Why? Because even though the PPP does not have a two-thirds parliamentary majority, it does have a majority or at least more than half the parliamentary seats, and like Burnham’s PNC MPs, all current PPP MPs are selected to serve based on the party list system, so their first loyalty is to the will of the President and the PPP.
Any deviation from the President’s wishes or the party line voting, including trying to oust the President even if he is violator of the Constitution, could result in their instant recall.
And regardless what political observers think of any deteriorating relationship between the President and the PPP leadership, the President and his party’s leadership will put differences aside to show a united front, so the last thing the PPP wants now is to have a public appearance of a split by way of having half of its MPs move to force the President to step down, even if he is in gross violation of the Constitution.
The only way the PPP leadership will openly turn against the President is if he publicly undermines the party.
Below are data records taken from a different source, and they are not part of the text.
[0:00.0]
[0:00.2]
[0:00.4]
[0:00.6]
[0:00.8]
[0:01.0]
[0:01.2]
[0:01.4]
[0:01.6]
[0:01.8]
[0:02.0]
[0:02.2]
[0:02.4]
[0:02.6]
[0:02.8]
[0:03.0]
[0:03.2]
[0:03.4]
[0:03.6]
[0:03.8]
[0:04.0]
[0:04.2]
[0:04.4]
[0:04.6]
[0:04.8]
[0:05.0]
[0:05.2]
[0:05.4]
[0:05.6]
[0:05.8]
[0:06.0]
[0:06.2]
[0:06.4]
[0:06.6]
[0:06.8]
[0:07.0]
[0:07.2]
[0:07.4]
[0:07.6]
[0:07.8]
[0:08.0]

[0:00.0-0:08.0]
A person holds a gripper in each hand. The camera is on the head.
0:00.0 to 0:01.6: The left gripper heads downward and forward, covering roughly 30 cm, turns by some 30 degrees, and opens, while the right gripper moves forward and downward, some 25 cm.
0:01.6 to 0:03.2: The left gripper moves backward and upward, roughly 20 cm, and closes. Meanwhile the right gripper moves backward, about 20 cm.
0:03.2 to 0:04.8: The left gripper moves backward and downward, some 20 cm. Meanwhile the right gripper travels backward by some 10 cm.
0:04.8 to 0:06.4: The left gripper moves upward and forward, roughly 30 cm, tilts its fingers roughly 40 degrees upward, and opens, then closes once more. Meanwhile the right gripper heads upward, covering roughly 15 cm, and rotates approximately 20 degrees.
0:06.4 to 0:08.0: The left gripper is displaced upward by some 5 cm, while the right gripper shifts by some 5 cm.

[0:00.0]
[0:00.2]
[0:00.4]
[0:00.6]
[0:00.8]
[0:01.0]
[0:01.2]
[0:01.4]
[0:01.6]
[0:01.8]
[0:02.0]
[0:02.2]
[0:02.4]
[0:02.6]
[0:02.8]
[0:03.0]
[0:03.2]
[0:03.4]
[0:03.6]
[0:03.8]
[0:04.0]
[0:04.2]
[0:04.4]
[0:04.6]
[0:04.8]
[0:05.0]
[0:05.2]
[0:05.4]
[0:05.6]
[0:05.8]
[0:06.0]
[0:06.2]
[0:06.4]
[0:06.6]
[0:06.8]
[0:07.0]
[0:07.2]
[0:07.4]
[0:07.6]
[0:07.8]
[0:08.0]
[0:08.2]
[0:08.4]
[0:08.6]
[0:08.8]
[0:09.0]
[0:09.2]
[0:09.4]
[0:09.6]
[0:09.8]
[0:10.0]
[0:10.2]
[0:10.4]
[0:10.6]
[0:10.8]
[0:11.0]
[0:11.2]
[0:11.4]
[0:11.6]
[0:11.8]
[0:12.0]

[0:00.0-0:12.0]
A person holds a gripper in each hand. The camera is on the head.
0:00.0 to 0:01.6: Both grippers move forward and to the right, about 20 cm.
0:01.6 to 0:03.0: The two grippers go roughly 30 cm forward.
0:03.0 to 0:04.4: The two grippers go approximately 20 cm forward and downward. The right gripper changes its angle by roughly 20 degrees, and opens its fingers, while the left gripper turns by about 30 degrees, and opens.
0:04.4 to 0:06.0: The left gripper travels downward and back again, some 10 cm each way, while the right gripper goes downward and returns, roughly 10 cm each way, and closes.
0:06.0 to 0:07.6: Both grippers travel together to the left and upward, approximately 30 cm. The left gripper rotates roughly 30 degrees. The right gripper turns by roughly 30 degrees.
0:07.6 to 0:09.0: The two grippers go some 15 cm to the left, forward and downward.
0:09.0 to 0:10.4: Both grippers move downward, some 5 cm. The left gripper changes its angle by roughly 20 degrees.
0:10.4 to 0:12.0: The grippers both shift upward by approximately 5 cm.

But conventional wisdom says that right now, potential presidential candidates in the PPP are closely observing President Jagdeo’s performance to see what he is getting away with under the Constitution, (which may not be allowed in other genuine democracies), so that they may try to see what they, too, might be able to get away with under the Constitution if given the chance at the presidency, because if there is one thing the PPP is committed to it is to remain in office forever by any means necessary.
And using the unlimited powers of the presidency to abuse or circumvent the Constitution is not to be ruled out.